In many ways, Remus and Sirius began what has become a deep passion for wanting more LGBTQ representation in the pop culture I consume. I have spent more time in the last decade debating and discussing Rowling’s treatment of these characters and their relationship than I have discussing any other component of the Harry Potter books. I use them as an example when I discuss representation in children’s literature. I remind anyone and everyone who will listen that AIDS was called “The Gay Plague” when the epidemic started spreading in the US. Frequently, I point out that what an author says is not the same as what they write — so no, Rowling proclaiming that Dumbledore was gay doesn’t make it canon. Not if it’s not in the books.
And I reiterate that if it’s not explicitly stated in canon, it’s entirely up to interpretation. That’s the beauty of literature; once it’s in the hands of the reader, the author is dead. Sorry, Rowling. Your straight-washing won’t stop us from queer-coding these characters.
Queer-coding, for many of us, has been a necessary practice for finding representation of people like us in the fiction we consume. That’s slowly beginning to change. LGBTQ characters are cropping up more frequently, especially in children’s books. Rick Riordan has a cast of characters so diverse in his Percy Jackson universe that some of his POV characters are gay and even genderqueer. That’s incredible. But it doesn’t change the fact that LGBTQ fans are still forced to read between the lines more often than not. And for LGBTQ Harry Potter fans, the cast is rife with characters who can easily be interpreted as existing outside the cis-heteropatriarchy.

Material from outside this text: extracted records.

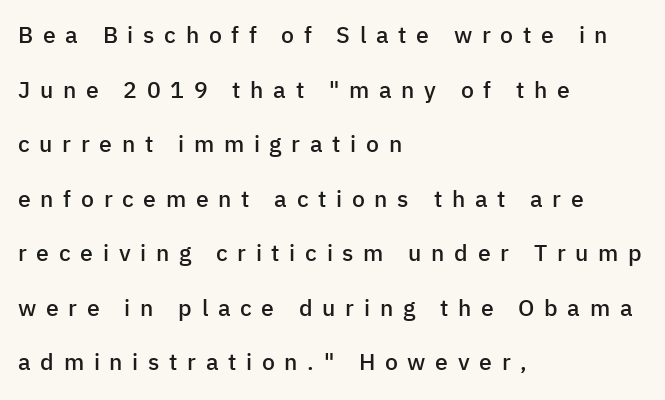
The image shows 23 px text type, upright; set left-aligned, loose line spacing (2.37x), unusually wide letter spacing (+0.42 em), not underlined.
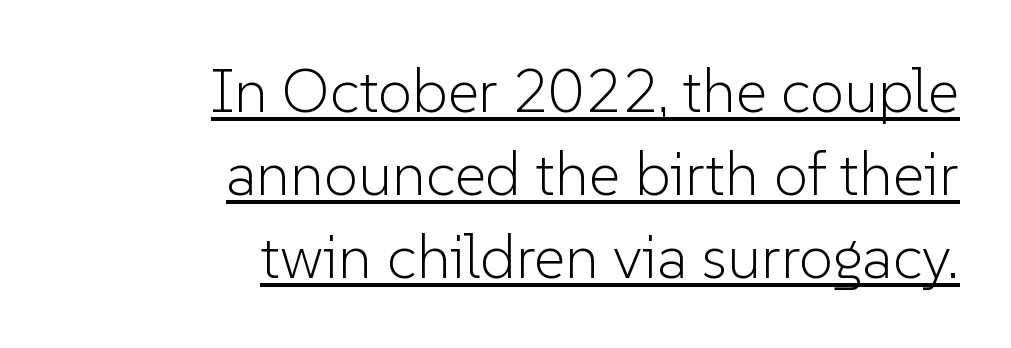
The image shows 61 px light sans-serif type, upright; set right-aligned, normal line spacing (1.36x), normal letter spacing, underlined; low stroke contrast and a medium x-height.
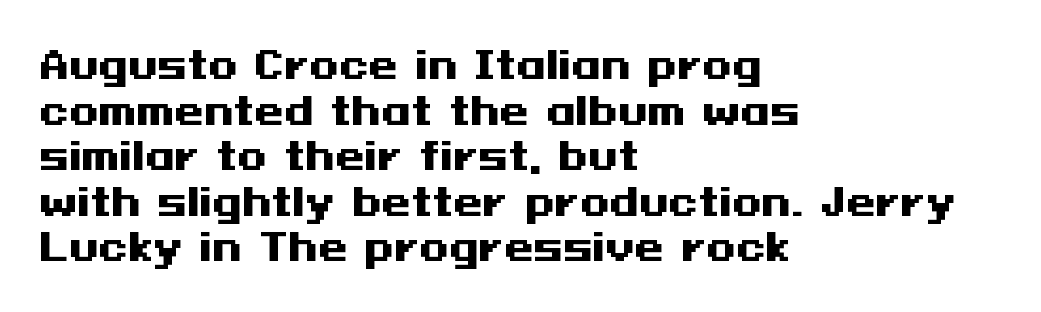
{"serif": "no", "italic": "no", "bold": "yes", "weight": "heavy", "width": "wide", "stroke_contrast": "medium", "x_height": "medium", "underline": "no", "align": "left", "line_spacing_ratio": 1.2, "letter_spacing": "normal", "letter_spacing_em": 0.0, "glyph_px": 38}
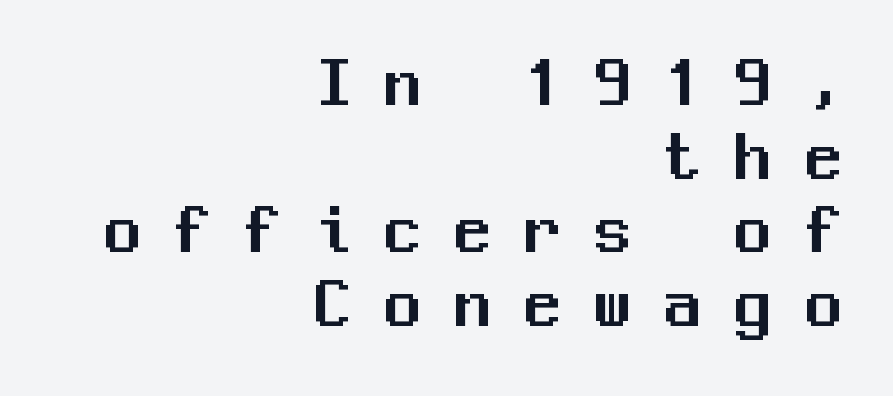
{"serif": "no", "italic": "no", "width": "normal", "stroke_contrast": "medium", "x_height": "medium", "monospaced": "yes", "underline": "no", "align": "right", "line_spacing": "tight", "line_spacing_ratio": 1.01, "letter_spacing": "wide", "letter_spacing_em": 0.46, "glyph_px": 73}
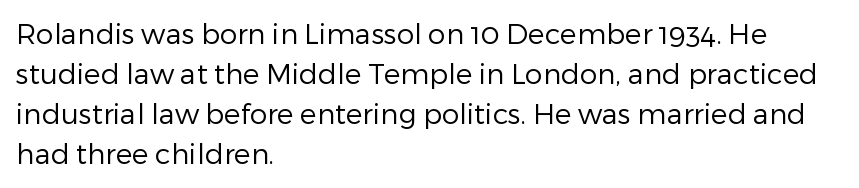
{"serif": "no", "italic": "no", "bold": "no", "weight": "regular", "width": "normal", "stroke_contrast": "low", "x_height": "medium", "monospaced": "no", "underline": "no", "align": "left", "line_spacing": "normal", "line_spacing_ratio": 1.43, "letter_spacing": "normal", "letter_spacing_em": 0.0, "glyph_px": 28}
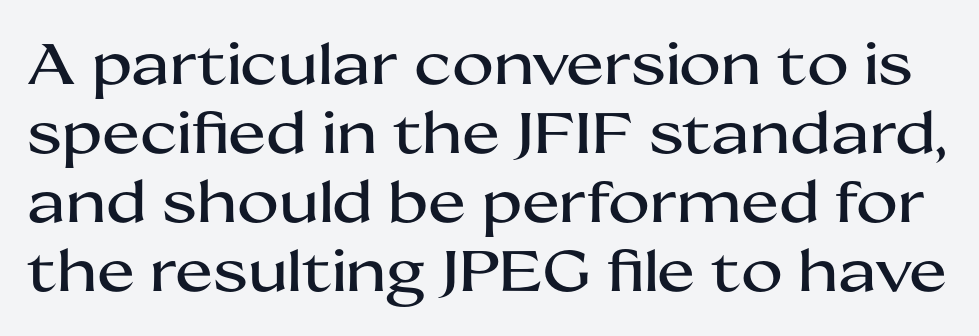
Q: Is the text italic (slanted)? A: No, it is upright.
Q: Is the text underlined? A: No.
Q: Is the spacing between letters normal or unusually wide? A: Normal.
Q: Width (condensed, normal, or wide)? A: Wide.
Q: Stroke contrast? A: Medium.
Q: x-height? A: Medium.
Q: Monospaced? A: No.
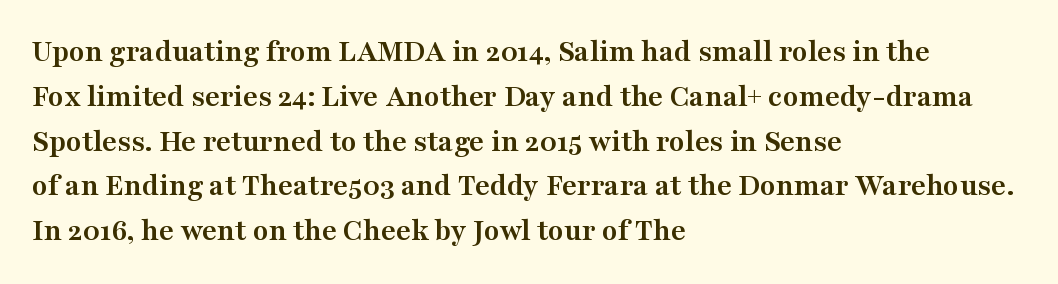
Q: Is the text bold? A: Yes.
Q: Is the text italic (slanted)? A: No, it is upright.
Q: Is the typeface a serif or a sans-serif typeface? A: Serif.
Q: Is the text underlined? A: No.
Q: How is the paragraph aligned? A: Left-aligned.
Q: Is the spacing between letters normal or unusually wide? A: Normal.
Q: Is the spacing between lines tight, normal or loose? A: Normal.
Q: Width (condensed, normal, or wide)? A: Wide.
Q: Stroke contrast? A: Medium.
Q: x-height? A: Medium.
Q: Monospaced? A: No.
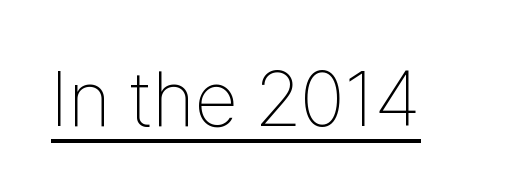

Remus and Sirius certainly played a part in helping me figure out my sexuality. Beyond that, however, they drove me to think critically about the media I consume and to re-think media I’ve loved. To the fans who took these characters and wrote them into fanfiction, drew them into fanart, or otherwise let them be as in love as they were always supposed to be: thank you. I owe you. And I’m still recommending your work to people now, a decade after I started to consume it.
And Now, A Remus and Sirius Fanfiction Rec List
- The Shoebox Project by dorkorific and ladyjaida
A multimedia, collaborative fanfiction exploring the Marauders in their school years. Rated Mature. - Stealing Harry by copperbadge
In an alternate universe where Sirius Black never went to Azkaban, Harry divides his life between the Dursleys’ house and Mr. Black’s bookshop — until Sirius realises what the Dursleys are doing to him, and takes him away from their care. Rated Mature. - A Bright Particular Star by flambeau
Remus and Sirius celebrate their last Christmas at Hogwarts. Rated Mature. - Promised Eternity (A Ring of Endless Light Remix) by victoria_p (musesfool)
When he falls through the veil, Sirius is taken back to the night he told James and Lily to make Peter their Secret Keeper. And, knowing what he does now, he makes a different choice. Rated Mature. - Christmas 1977 by thistlerose
Remus and Sirius look for a separate peace. Rated Mature.